O texto contém spoilers de Azul é a Cor Mais Quente, ou seja, contém informações que podem estragar algumas surpresas do filme para quem ainda não o assistiu. Se você não assistiu e ainda deseja ler, faça-o por sua conta e risco.

Alguns filmes ficam famosos pelas histórias que acontecem em seus bastidores, uma busca rápida no Google sobre o filme O Que Terá Acontecido a Baby Jane? revelará histórias interessantíssimas sobre uma disputa entre as duas protagonistas do filme. O filme Azul é a Cor Mais Quente também teve seus momentos, revelados em entrevistas após o lançamento. Boa parte se referia à dureza da direção de Abdellatif Kechiche em relação às atrizes. Pode-se ler um resumo dessas histórias no blog de uma amiga, Veneno de Bilheteria. Sem entrar na questão de se os fins justificam os meios, posto que já foram colocados panos quentes no assunto pelos próprios envolvidos, a verdade é que os fins foram, no mínimo, bastante impressionantes.

Baseado em uma HQ homônima da francesa Julie Maroh, o filme nos conta toda a trajetória de uma história de amor focando-se nos sentimentos de uma das envolvidas, a jovem Adèle. Interpretada pela atriz Adèle Exarchopoulos, que além de ter o mesmo nome da personagem que interpreta, parece ter se encaixado perfeitamente com ela, com seus traços de menina-moça, inocente e insegura, ela nos mostra com o olhar cada gota de emoção que a personagem sente, em um trabalho de atuação e direção realmente louvável. Não fosse essa verdade tão real passada pela atriz, não seria o mesmo filme.

Quem divide cena com Exarchopoulos é Léa Seydoux, que, se não consegue alcançar a força de atuação da atriz mais jovem, compensa com sua beleza estonteante, hipnotizando olhares, ainda mais do que quando o fez antes, no filme A Bela Junie, de Christophe Honoré. Apesar de sua atuação não ser tão impactante quando a de Adèle, até por sua personagem, Emma, não ser o centro da história, está longe de deixar a desejar, aparentemente os meses extras de gravação ao menos obtiveram bons resultados.

O fato de Azul é a Cor Mais Quente ter sido gravado em ordem cronológica sem dúvida foi fundamental para consolidar a excelente atuação da protagonista, poucos diretores podem se dar esse direito hoje em dia, Kechiche conquistou-o mostrando em seus filmes anteriores do que era capaz, principalmente os dois últimos, O Segredo do Grão e Vênus Negra, foram grandes cartões de visita de um cineasta que sem dúvida já se consolidou no cenário mundial, ainda mais depois de receber a Palma de Ouro.

Não gosto quando dizem que um filme trata da “temática gay”, não apenas pela cacofonia, mas porque na grande maioria das vezes o filme na verdade trata sobre uma situação de amor ou de desejo, não interessando o gênero dos envolvidos, afinal não é comum ouvir o termo “temática hétero”, por exemplo, quando a história de amor ou desejo é entre um homem e uma mulher.

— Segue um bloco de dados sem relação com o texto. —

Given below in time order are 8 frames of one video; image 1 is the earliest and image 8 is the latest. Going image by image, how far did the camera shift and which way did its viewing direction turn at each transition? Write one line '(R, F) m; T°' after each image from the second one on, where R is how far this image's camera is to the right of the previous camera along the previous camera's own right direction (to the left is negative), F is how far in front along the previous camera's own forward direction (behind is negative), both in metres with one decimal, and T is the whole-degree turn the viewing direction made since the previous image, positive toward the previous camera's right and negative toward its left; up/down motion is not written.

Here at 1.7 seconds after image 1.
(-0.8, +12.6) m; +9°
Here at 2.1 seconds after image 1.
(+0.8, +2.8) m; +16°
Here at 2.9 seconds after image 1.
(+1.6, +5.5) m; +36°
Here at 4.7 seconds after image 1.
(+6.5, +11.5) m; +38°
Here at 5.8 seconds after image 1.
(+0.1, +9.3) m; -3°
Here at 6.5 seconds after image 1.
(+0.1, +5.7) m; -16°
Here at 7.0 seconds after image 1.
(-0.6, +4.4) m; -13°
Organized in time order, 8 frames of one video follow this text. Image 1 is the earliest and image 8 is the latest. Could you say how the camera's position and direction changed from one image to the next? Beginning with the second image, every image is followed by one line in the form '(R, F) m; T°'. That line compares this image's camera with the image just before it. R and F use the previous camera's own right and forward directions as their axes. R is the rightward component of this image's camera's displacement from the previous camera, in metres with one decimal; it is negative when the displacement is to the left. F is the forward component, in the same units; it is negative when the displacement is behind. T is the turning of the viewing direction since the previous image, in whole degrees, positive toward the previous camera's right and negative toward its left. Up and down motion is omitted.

Mas em Azul é a Cor Mais Quente o tema é, no mínimo, tangenciado, quando no primeiro terço do filme são mostradas, de forma bastante delicada, as angústias vividas pela personagem ao se confrontar com sua sexualidade, o que pode explicar a quantidade anormal de casais lésbicos nas sessões deste filme.

Azul é a Cor Mais Quente, mostra-se, sobretudo, um filme sensível que consegue tratar cada um de seus temas com carinho e delicadeza, sem pressa de se alcançar o final, e por isso concretiza-se em um filme de emoções fortes, que vão de momentos deliciosos a momentos extremamente doloridos, na maioria das vezes, é válido enfatizar, apoiado nas atuações sublimes, principalmente de Adèle Exarchopoulos. Kechiche parece ter conseguido o que dizia querer, penetrar na alma das personagens em suas montanhas russas de sentimentos, compartilhando com o espectador que se deixar levar pelo filme, cada uma das emoções vividas no filme, fazendo com que as três horas de duração mal sejam notadas.